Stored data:
______
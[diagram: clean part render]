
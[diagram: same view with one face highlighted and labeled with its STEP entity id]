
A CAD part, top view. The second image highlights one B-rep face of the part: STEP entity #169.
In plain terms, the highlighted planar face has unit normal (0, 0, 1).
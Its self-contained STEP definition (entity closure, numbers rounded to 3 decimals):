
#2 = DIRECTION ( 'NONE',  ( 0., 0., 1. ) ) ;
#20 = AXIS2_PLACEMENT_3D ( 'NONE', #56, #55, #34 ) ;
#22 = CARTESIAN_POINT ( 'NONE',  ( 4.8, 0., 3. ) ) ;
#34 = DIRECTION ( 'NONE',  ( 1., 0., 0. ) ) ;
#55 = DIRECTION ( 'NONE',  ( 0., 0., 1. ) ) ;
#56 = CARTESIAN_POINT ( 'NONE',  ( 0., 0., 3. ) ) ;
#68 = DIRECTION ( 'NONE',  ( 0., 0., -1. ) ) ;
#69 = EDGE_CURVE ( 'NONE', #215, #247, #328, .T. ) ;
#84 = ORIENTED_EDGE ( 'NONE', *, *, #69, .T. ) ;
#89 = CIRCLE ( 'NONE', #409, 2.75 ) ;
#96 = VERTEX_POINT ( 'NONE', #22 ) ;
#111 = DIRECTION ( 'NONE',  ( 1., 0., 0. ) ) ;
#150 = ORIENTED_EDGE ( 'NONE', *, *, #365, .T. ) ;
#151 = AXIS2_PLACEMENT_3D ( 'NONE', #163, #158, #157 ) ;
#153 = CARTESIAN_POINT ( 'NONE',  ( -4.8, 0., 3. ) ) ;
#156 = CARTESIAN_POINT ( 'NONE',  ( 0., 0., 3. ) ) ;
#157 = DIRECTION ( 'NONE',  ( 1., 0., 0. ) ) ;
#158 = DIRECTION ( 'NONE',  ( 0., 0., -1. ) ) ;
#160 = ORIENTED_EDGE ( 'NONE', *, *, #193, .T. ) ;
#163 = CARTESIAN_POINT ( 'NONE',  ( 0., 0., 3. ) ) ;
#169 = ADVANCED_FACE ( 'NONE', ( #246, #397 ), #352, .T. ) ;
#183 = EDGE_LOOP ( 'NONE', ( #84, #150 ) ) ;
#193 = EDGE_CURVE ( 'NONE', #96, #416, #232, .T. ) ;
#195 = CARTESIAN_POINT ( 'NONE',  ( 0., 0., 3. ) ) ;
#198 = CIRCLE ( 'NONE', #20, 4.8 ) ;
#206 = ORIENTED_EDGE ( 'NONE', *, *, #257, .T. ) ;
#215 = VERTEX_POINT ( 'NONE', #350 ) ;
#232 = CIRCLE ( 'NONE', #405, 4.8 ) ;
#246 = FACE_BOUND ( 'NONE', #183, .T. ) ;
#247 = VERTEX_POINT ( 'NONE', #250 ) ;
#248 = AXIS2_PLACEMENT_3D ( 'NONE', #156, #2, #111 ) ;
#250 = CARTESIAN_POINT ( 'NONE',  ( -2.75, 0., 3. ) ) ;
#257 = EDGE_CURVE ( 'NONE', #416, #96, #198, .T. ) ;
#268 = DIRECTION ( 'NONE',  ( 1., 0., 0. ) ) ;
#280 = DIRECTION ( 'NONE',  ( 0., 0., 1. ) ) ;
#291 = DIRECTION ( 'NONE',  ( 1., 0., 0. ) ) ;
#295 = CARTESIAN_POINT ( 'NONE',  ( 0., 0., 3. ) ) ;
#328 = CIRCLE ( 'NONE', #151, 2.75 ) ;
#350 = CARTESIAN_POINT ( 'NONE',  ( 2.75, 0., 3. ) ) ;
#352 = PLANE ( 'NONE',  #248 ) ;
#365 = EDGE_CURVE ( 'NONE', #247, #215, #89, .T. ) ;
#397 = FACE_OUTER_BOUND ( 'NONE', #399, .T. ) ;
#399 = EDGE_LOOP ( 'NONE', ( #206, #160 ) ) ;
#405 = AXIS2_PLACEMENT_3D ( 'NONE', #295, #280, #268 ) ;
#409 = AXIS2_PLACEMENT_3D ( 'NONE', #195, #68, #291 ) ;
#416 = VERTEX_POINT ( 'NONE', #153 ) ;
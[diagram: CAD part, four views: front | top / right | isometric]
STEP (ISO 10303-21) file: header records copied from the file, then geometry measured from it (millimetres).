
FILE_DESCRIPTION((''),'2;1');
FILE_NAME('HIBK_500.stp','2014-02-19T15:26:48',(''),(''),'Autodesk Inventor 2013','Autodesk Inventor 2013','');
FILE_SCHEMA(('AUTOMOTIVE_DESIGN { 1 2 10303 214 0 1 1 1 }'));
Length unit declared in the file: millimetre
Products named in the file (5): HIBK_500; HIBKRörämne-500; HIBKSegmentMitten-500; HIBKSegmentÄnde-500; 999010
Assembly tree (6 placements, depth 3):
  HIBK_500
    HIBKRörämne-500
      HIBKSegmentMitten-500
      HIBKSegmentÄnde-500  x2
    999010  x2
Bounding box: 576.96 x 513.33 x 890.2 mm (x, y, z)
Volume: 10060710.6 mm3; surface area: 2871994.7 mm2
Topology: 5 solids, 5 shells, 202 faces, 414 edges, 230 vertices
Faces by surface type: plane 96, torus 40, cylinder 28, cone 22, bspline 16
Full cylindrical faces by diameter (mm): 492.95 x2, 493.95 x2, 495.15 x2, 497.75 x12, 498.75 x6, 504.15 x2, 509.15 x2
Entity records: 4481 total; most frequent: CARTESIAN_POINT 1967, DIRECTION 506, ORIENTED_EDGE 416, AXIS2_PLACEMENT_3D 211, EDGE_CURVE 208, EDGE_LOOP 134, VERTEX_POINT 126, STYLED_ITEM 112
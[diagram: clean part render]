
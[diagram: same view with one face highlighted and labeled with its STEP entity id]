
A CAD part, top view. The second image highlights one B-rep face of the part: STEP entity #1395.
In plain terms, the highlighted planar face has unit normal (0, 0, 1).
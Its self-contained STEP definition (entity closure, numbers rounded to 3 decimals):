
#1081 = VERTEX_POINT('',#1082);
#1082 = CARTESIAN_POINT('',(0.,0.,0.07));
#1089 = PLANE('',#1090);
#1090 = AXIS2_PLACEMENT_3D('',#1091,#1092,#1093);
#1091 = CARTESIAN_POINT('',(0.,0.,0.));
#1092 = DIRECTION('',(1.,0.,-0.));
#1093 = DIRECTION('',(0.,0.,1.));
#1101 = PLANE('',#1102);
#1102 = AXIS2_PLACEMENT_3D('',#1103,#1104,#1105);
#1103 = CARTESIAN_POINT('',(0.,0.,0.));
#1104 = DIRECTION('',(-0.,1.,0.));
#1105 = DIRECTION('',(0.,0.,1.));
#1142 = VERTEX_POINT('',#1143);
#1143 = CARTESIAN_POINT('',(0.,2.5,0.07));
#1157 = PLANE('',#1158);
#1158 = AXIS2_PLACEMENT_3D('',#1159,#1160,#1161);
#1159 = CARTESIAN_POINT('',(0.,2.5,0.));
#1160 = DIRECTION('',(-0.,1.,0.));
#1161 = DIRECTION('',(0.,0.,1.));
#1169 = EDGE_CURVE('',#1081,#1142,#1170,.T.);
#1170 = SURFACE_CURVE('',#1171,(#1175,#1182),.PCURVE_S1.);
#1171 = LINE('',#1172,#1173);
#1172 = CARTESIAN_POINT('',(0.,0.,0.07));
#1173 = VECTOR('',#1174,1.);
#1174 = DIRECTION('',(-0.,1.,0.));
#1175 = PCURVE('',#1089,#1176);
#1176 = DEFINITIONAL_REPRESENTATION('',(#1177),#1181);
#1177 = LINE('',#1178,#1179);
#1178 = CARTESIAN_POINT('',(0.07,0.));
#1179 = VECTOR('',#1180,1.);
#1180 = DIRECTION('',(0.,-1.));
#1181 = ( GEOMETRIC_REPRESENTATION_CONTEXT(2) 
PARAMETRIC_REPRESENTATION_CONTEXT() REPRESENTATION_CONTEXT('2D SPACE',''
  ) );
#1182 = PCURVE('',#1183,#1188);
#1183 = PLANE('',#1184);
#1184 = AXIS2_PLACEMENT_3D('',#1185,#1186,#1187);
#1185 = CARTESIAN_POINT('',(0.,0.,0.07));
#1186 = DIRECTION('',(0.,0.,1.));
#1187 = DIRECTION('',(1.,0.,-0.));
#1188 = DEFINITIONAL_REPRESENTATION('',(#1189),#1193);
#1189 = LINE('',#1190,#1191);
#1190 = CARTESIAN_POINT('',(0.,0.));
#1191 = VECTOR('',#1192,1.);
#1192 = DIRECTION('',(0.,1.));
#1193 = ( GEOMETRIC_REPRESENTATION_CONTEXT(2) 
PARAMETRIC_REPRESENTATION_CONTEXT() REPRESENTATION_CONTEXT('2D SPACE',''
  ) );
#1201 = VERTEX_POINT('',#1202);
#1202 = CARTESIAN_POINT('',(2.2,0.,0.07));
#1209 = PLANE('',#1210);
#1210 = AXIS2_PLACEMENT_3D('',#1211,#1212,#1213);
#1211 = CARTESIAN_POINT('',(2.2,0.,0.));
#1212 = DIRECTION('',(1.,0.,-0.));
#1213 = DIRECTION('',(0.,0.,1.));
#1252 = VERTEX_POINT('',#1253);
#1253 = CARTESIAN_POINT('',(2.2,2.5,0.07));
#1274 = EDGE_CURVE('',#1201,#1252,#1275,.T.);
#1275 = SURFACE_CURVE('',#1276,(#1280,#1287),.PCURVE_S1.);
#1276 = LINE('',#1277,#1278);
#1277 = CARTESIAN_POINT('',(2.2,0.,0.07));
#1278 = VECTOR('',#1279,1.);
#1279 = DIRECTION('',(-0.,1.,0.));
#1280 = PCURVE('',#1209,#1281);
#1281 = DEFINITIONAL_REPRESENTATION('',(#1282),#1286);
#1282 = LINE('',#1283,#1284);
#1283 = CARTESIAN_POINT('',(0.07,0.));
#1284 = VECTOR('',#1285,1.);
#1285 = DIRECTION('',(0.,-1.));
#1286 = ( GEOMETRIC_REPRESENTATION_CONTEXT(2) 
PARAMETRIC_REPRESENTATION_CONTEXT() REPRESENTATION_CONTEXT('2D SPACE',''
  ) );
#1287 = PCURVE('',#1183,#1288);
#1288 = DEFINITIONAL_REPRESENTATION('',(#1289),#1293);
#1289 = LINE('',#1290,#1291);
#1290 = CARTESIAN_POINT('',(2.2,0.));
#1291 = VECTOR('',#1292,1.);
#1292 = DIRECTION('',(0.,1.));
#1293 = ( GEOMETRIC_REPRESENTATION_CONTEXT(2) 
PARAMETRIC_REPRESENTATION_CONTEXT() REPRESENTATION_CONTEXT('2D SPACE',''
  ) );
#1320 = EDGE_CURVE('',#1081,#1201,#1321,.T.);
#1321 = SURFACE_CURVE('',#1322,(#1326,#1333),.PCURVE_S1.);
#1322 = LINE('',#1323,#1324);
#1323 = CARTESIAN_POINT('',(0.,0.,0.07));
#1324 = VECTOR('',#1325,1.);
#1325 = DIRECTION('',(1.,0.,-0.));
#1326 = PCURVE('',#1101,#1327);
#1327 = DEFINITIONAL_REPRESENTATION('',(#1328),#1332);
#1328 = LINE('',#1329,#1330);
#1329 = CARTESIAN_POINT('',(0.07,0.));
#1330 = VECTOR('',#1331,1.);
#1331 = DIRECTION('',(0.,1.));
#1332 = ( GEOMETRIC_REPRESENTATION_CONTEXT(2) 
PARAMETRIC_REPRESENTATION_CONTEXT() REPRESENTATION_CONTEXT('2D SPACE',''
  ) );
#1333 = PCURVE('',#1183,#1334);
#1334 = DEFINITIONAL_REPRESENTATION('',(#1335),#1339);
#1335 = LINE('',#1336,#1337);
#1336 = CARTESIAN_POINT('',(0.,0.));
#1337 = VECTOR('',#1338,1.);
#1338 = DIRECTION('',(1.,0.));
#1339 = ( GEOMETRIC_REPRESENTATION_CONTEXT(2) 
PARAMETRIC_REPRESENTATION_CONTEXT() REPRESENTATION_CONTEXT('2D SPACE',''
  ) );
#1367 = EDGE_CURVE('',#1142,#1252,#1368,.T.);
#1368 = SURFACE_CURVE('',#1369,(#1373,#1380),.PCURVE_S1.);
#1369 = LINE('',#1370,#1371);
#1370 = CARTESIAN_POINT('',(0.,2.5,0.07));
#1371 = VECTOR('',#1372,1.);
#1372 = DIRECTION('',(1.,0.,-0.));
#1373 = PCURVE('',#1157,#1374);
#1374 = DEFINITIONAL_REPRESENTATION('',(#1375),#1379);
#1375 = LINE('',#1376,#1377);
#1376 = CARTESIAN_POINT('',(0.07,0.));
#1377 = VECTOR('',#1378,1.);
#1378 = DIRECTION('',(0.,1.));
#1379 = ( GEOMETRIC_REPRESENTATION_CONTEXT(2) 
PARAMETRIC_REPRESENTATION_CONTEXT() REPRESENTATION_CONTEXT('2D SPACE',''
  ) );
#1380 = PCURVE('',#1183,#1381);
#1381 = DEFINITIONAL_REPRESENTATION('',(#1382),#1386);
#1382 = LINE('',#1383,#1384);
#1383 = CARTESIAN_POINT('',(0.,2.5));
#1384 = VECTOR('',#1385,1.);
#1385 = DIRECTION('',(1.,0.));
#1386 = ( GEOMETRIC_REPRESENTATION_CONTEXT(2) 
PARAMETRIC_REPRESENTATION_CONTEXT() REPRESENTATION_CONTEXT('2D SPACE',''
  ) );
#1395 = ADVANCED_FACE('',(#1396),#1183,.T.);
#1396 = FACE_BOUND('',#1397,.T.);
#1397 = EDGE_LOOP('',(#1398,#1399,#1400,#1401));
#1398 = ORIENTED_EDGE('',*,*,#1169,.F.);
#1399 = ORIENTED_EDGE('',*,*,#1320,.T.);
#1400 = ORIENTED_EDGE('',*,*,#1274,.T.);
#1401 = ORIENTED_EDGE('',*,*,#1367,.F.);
______
Going back over the entries above, copy word for word every line from the one that has "Length unit declared in the file: millimetre" on through the one that has "Topology: 5 solids, 5".

(Worked solution)
Length unit declared in the file: millimetre
Products named in the file (5): HIBK_500; HIBKRörämne-500; HIBKSegmentMitten-500; HIBKSegmentÄnde-500; 999010
Assembly tree (6 placements, depth 3):
  HIBK_500
    HIBKRörämne-500
      HIBKSegmentMitten-500
      HIBKSegmentÄnde-500  x2
    999010  x2
Bounding box: 576.96 x 513.33 x 890.2 mm (x, y, z)
Volume: 10060710.6 mm3; surface area: 2871994.7 mm2
Topology: 5 solids, 5 shells, 202 faces, 414 edges, 230 vertices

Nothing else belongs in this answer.